As readers of Gary Welsh's Advance Indiana blog will know, yesterday in an editorial on the traffic court, the Star labeled me as a "gadfly" attorney who brought the lawsuit to stop the court from imposing hefty fines on people for requesting a trial on their tickets. However, in its editorial the Star endorsed the idea that these fines need to be stopped.
I think Gary's right that there was vindictiveness in the adjective. I have been extremely critical of the Star's editors' selective support of good government and fair elections. For example, the Star steadfastly ignored facts opponents of the Wishard referendum continued to raise and would not even stand up for the principle that voters are entitled to honest information about the project before the election.
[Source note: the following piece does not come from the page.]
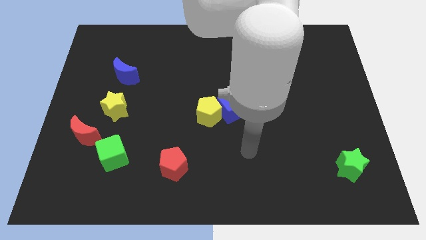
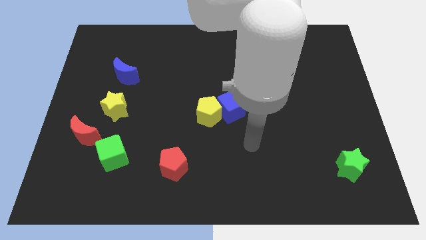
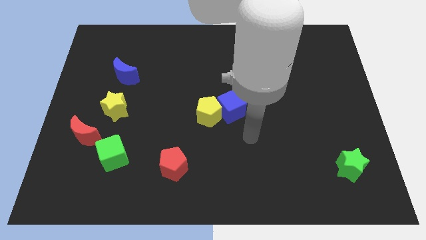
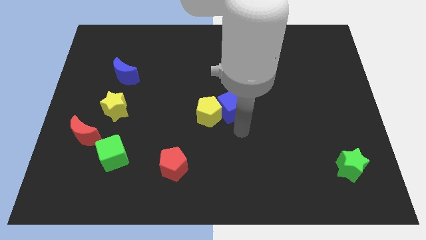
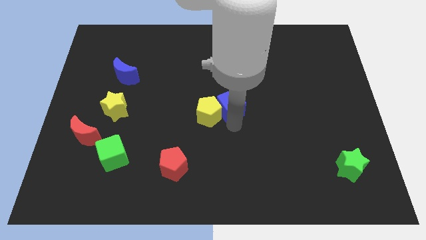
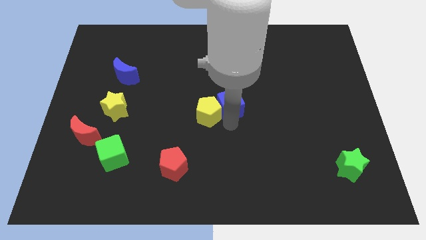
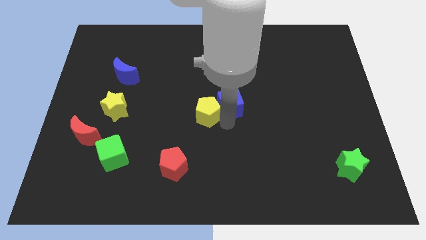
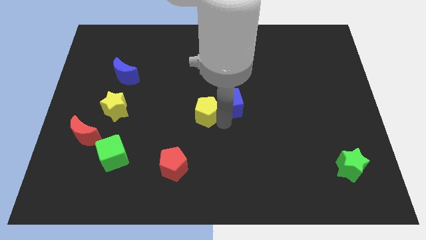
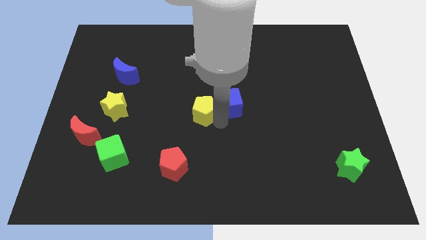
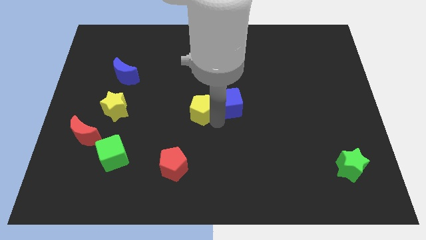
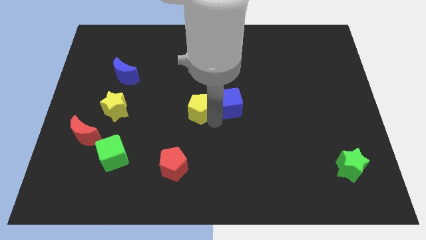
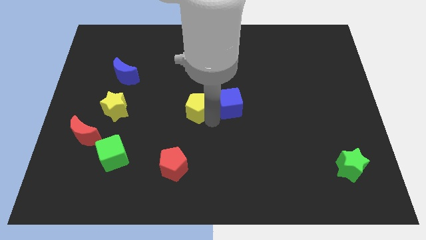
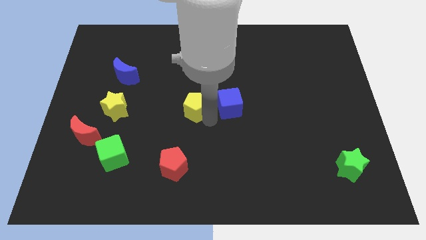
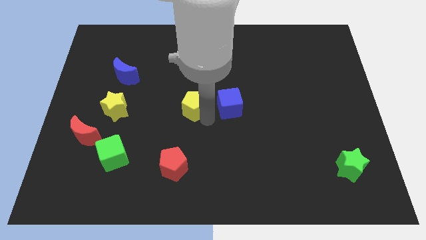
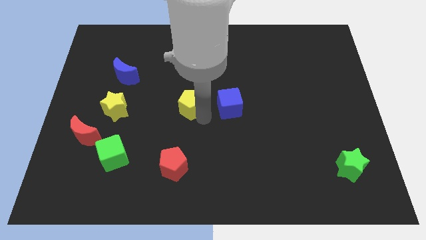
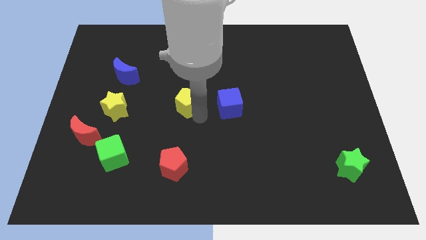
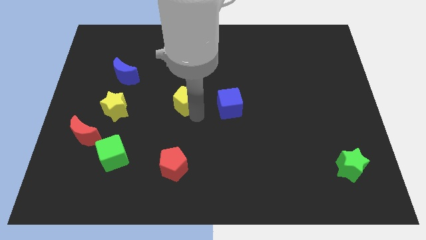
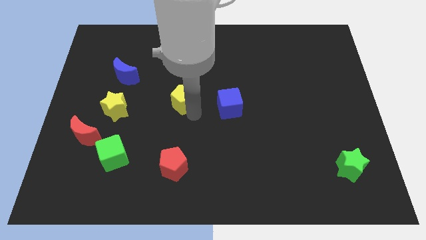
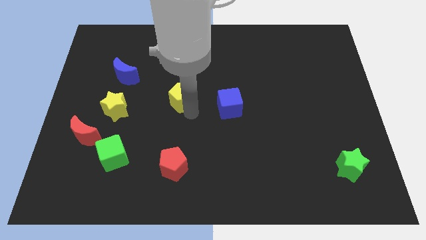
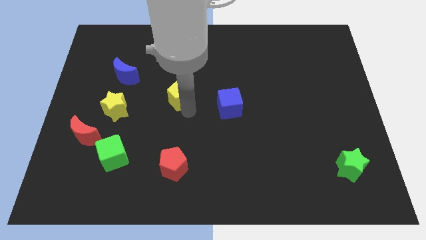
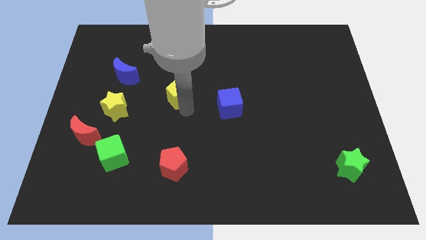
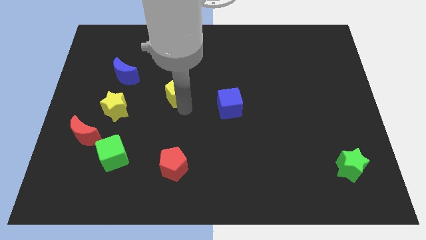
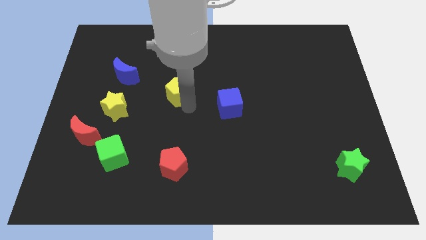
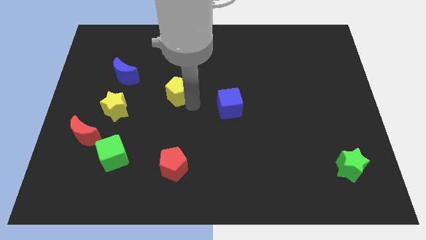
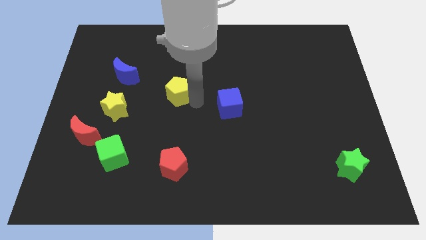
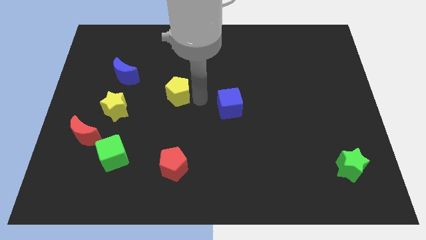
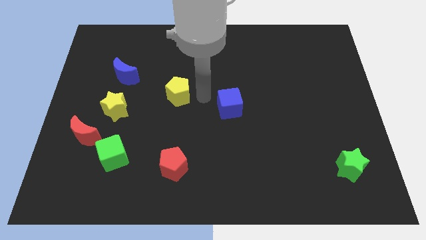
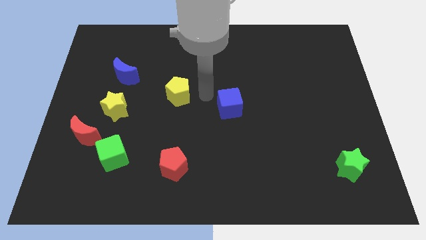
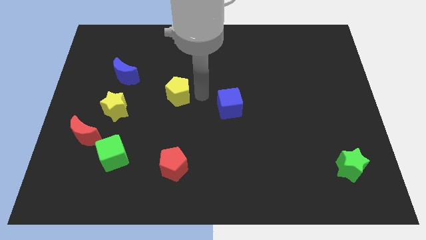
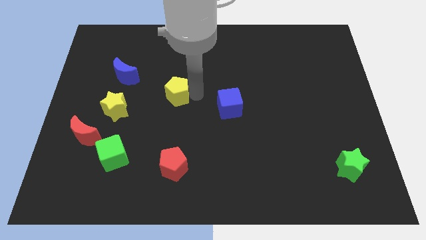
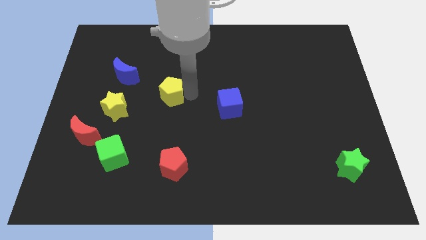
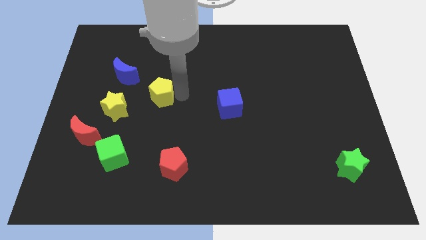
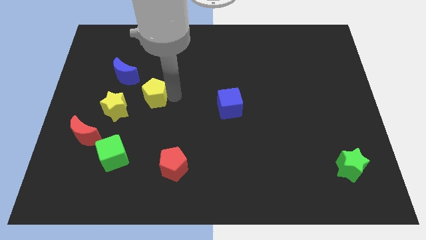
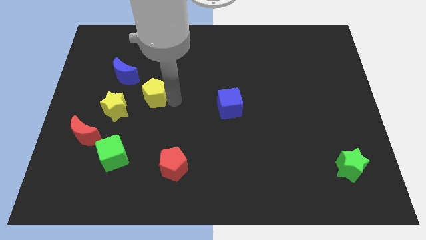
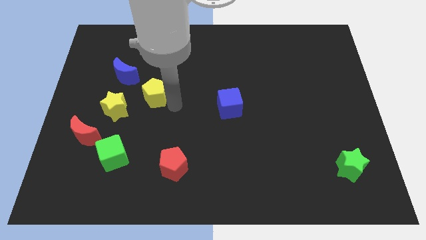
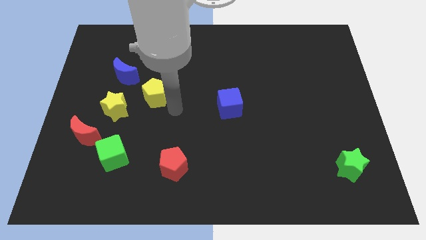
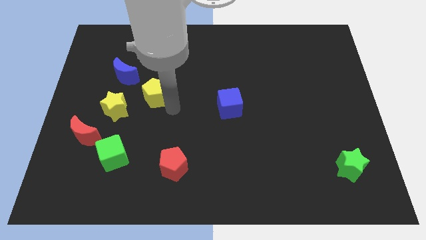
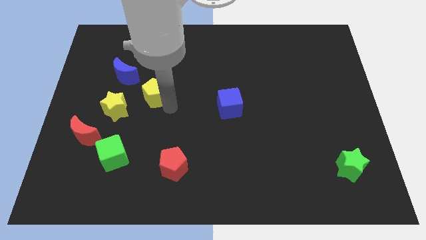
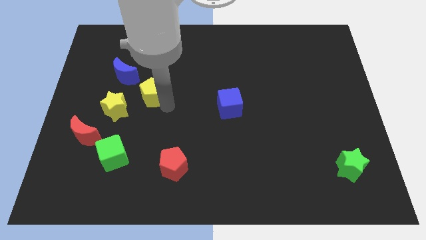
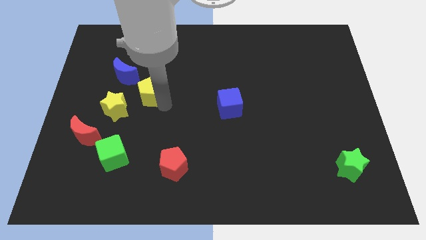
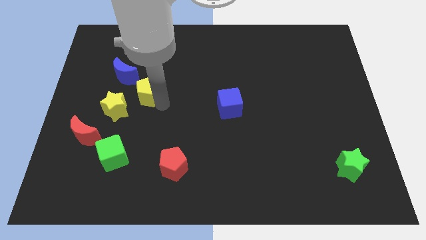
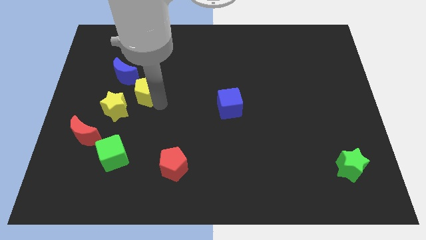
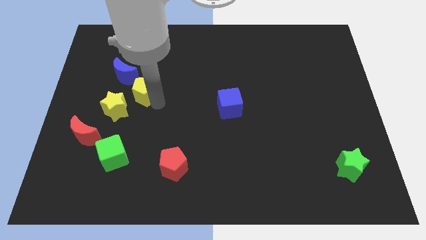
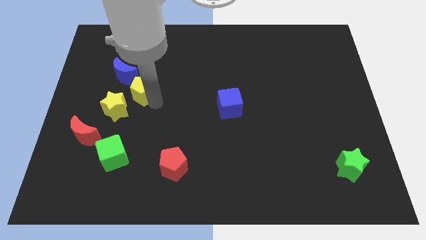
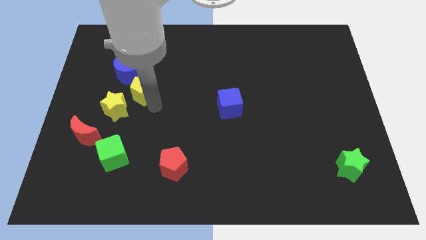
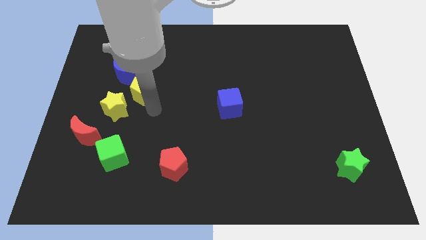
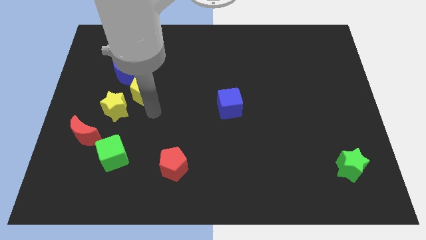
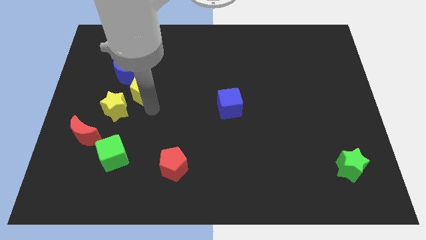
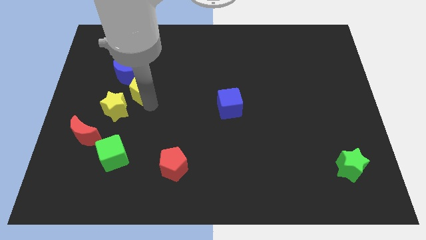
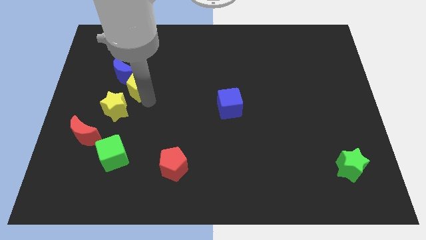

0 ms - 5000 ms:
put the yellow pentagon to the blue moon

The Star had an agenda and the notion of fundamental fairness was put on hold while the newspaper blasted support for the referendum on its news and editorial pages.
Now the Star is regularly criticizing the legislative revolving door. Yet the Star has said not one one word criticizing the revolving door in the Mayor's Office where Chief of Staff Paul Okeson left the administration to take a job with Keystone Construction, a major contributor to Mayor Ballard ($25,000 donation given in 2008) and a bidder on lucrative city projects, including the Wishard construction. It's mystifying why the Star's editors insist on being inconsistent in their treatment on the issue of the revolving door. If anything, the executive revolving door is much worse of a problem. Yet the Star simply ignores it.
I was told that over on Facebook, political commentator Abdul was criticizing the traffic court lawsuit. He did so too on his blog. I commented to that post, but frankly I stop reviewing and responding to comments after awhile. It's just too time consuming. People are going to say what they want to say. One thing I think is great about the lawsuit, is that we're having a much needed public debate about how the traffic court is being operated.
I just wanted to give thanks to all my friends who have come to my defense against the criticisms and the shots taken at me. I would assure my friends though that the attacks by critics and efforts to undermine me are worn by me as a badge of honor. One thing I have learned in politics is that when you are attacked by your critics, that is a good sign - it means you are taken seriously and are making a difference. It's when they ignore you that you have a problem.
So now I've been called a "wingnut" by the Indianapolis Times, a "gadfly" by the Star, and a conspiracist by Abdul. I'm sure I'll be called worse down the road. But I'm not about to stop fighting for good government and the end the the corruption of Indianapolis politics. And I'm not going to stop fighting for people who don't have much power - like those poor folks, ordinary working men and women, who find themselves on the end of an additional $400 fine because they dared to go before a judge in Traffic Court. They deserved better.
Thanks you for doing what needed to be done.
Thanks Paul. I admire how you stand up for the ordinary people. I'm also grateful you use your law degree for the betterment of our society and to work on behalf of the people.
Hey Paul, you got a mention on Jonathan Turley's blog:
Continue the real fight for the people because the real ones are on your side. Do not worry about Abdul, the Indy Star, or others for they serve the wrong side of the equation and will pay the price of their transgressions in the end. God is with us always.
Dude, you are taking this way too personally.
No less a personage than Socrates referred to himself as a gadfly at his trial (probably the origination of the term). See Plato's "Apology".
The dictionary defines a gadlfy as "a person who stimulates or annoys especially by persistent criticism". Don't you think you fit the bill?
From what I've seen, most gadflies relish the term, and criticism only makes them feel good. (For example, Wendell Cox referred to being named in some "sprawlwatch" study as a "badge of honor"). I certainly have no problem for being known for my own contrarian views.
There's no shame in being called a gadfly, and in your case it is clearly true.
Word is spreading:
Go, Paul, go.
You got a Turley nod, dude. You've made it. You're now that rarest of person - a pro-Liberty Republican. Expect the banishment that the neocons gave Ron Paul.
Abdul is no friend to Liberty. Remember that when you're Mayor.